Unity Catalog AI Python Library
The `unitycatalog-ai` library is the official Python client for integrating with Unity Catalog's AI capabilities, particularly for managing and executing AI functions across various Generative AI tools. It simplifies the creation, registration, and use of Python functions as tools for AI agents, promoting unified governance and access control for data and AI assets. The current version is 0.3.2, with active development and frequent releases.
Warnings
- breaking The APIs for Unity Catalog, and by extension `unitycatalog-ai`, are currently evolving and should not be assumed to be stable. This implies that future versions may introduce breaking changes without a major version bump, requiring code adjustments.
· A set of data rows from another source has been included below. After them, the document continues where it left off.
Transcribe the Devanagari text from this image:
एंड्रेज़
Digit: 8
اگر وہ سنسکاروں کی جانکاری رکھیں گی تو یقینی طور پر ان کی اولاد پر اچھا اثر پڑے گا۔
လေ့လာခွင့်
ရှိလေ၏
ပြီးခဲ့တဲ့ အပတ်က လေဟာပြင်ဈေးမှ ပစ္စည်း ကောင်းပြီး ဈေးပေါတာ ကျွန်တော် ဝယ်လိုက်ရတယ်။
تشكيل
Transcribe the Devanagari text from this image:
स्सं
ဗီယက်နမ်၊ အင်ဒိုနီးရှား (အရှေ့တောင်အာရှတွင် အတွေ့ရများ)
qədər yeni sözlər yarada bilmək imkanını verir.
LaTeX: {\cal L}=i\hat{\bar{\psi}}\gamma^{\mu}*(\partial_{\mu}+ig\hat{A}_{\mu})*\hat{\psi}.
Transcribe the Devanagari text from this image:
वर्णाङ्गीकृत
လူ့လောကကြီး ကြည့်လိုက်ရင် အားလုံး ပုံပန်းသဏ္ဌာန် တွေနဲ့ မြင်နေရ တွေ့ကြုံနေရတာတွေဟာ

- gotcha Python functions registered with Unity Catalog have specific requirements: all arguments and return values must have type hints, and the docstring must follow Google-style guidelines (including descriptions for the function, arguments, and return). Additionally, any non-core Python library imports *must* be defined within the function body itself, not globally.
- gotcha Unity Catalog functions, particularly from version 0.3.0+, run by default in a 'sandbox' execution mode. This mode isolates code execution for security but imposes CPU/memory limits and blocks access to certain system modules (e.g., `sys`, `subprocess`, `ctypes`, `socket`, `importlib`, `pickle`, `marshall`, `shutil`).
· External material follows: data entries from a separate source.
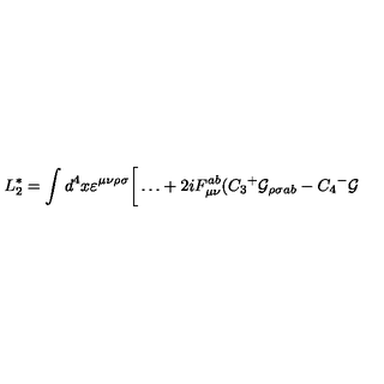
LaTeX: L _ { 2 } ^ { * } = \int d ^ { 4 } x \varepsilon ^ { \mu \nu \rho \sigma } \bigg [ \dots + 2 i F _ { \mu \nu } ^ { a b } ( C _ { 3 } { ^ + } { \cal G } _ { \rho \sigma a b } - C _ { 4 } { ^ - } { \cal G }
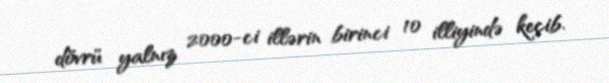
dövrü yalnız 2000-ci illərin birinci 10 illiyində keçib.
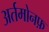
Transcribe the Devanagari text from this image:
अर्तमोनफ़
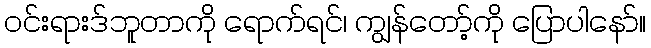
ဝင်းရားဒ်ဘူတာကို ရောက်ရင်၊ ကျွန်တော့်ကို ပြောပါနော်။
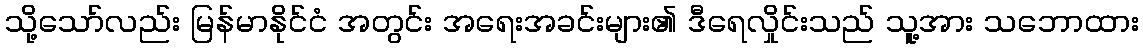
သို့သော်လည်း မြန်မာနိုင်ငံ အတွင်း အရေးအခင်းများ၏ ဒီရေလှိုင်းသည် သူ့အား သဘောထား
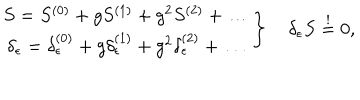
LaTeX: \left. \begin{array} { c } { { S = S ^ { ( 0 ) } + g S ^ { ( 1 ) } + g ^ { 2 } S ^ { ( 2 ) } + \dots } } \\ { { \delta _ { \epsilon } = \delta _ { \epsilon } ^ { ( 0 ) } + g \delta _ { \epsilon } ^ { ( 1 ) } + g ^ { 2 } \delta _ { \epsilon } ^ { ( 2 ) } + \dots } } \\ \end{array} \right\} \quad \delta _ { \epsilon } S \stackrel { ! } { = } 0 ,
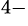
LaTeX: ^{4-}
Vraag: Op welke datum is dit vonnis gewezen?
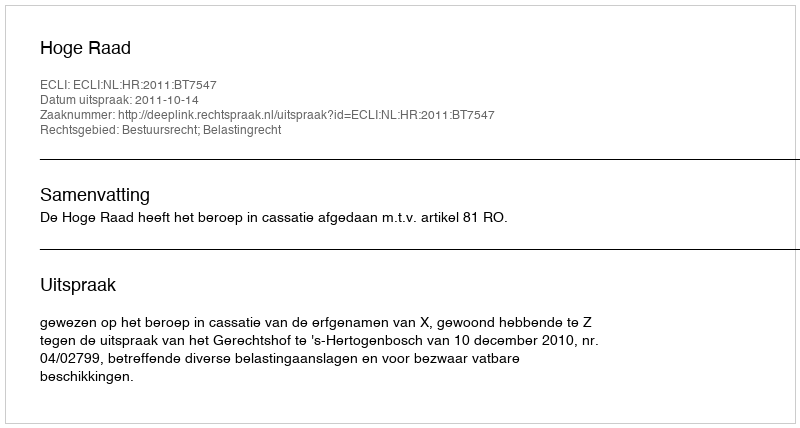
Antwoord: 2011-10-14

- gotcha The `unitycatalog-client` SDK, which `unitycatalog-ai` builds upon, is asynchronous (aiohttp-based). While `unitycatalog-ai` provides synchronous wrappers, direct asynchronous calls require careful management of the event loop. In environments like Jupyter Notebooks, attempting to create additional event loops for async method calls can lead to errors.
- gotcha The `unitycatalog-ai` library requires a running Unity Catalog server (either a local open-source instance or a Databricks-managed service) to function. The Python library itself does not provide the server.
Install
-
pip install unitycatalog-ai -
pip install unitycatalog-client unitycatalog-ai
Imports
- UnitycatalogFunctionClient
from unitycatalog.ai.core.client import UnitycatalogFunctionClient
- ApiClient
from unitycatalog.client import ApiClient
- Configuration
from unitycatalog.client import Configuration
Quickstart
import asyncio
from unitycatalog.ai.core.client import UnitycatalogFunctionClient
from unitycatalog.client import ApiClient, Configuration
import os
# --- Configuration ---
# Replace with your Unity Catalog server host or Databricks host
# For local OSS server, typically 'http://localhost:8080/api/2.1/unity-catalog'
UC_HOST = os.environ.get('UC_HOST', 'http://localhost:8080/api/2.1/unity-catalog')
# For Databricks, typically 'https://<your-databricks-instance>/api/2.1/unity-catalog'
# Ensure you have DBR 16.4+ and serverless compute enabled for Databricks.
# Replace with your Databricks token if connecting to a Databricks-managed UC
DATABRICKS_TOKEN = os.environ.get('DATABRICKS_TOKEN', 'dapi...')
CATALOG = os.environ.get('UC_CATALOG', 'my_catalog')
SCHEMA = os.environ.get('UC_SCHEMA', 'my_schema')
# Configure the Unity Catalog API client
config = Configuration(
host=UC_HOST,
access_token=DATABRICKS_TOKEN if 'databricks.net' in UC_HOST else None
)
api_client = ApiClient(configuration=config)
# Use the UnityCatalog client to create an instance of the AI function client
client = UnitycatalogFunctionClient(api_client=api_client)
# --- Define a Python function to be registered ---
# Requirements: type hints for all arguments and return, Google-style docstring.
# External imports must be within the function body for execution in sandbox mode.
def add_numbers(number_1: float, number_2: float) -> float:
"""
A function that accepts two floating point numbers, adds them,
and returns the resulting sum as a float.
Args:
number_1 (float): The first number.
number_2 (float): The second number.
Returns:
float: The sum of the two numbers.
"""
return number_1 + number_2
async def main():
try:
# Register the Python function in Unity Catalog
print(f"Registering function {CATALOG}.{SCHEMA}.add_numbers...")
created_function = await client.create_python_function(
func=add_numbers,
catalog=CATALOG,
schema=SCHEMA,
name="add_numbers",
replace=True # Overwrite if already exists
)
print(f"Function registered: {created_function.name}")
# Execute the registered function
print(f"Executing function {created_function.name}...")
result = await client.execute_function(
name=created_function.name,
catalog=CATALOG,
schema=SCHEMA,
parameters={'number_1': 10.5, 'number_2': 20.3}
)
print(f"Execution result: {result.result}")
# Clean up (optional: delete the function)
# print(f"Deleting function {created_function.name}...")
# await client.delete_function(
# name=created_function.name,
# catalog=CATALOG,
# schema=SCHEMA
# )
# print("Function deleted.")
except Exception as e:
print(f"An error occurred: {e}")
if __name__ == "__main__":
# The client is async-based, so run in an event loop
asyncio.run(main())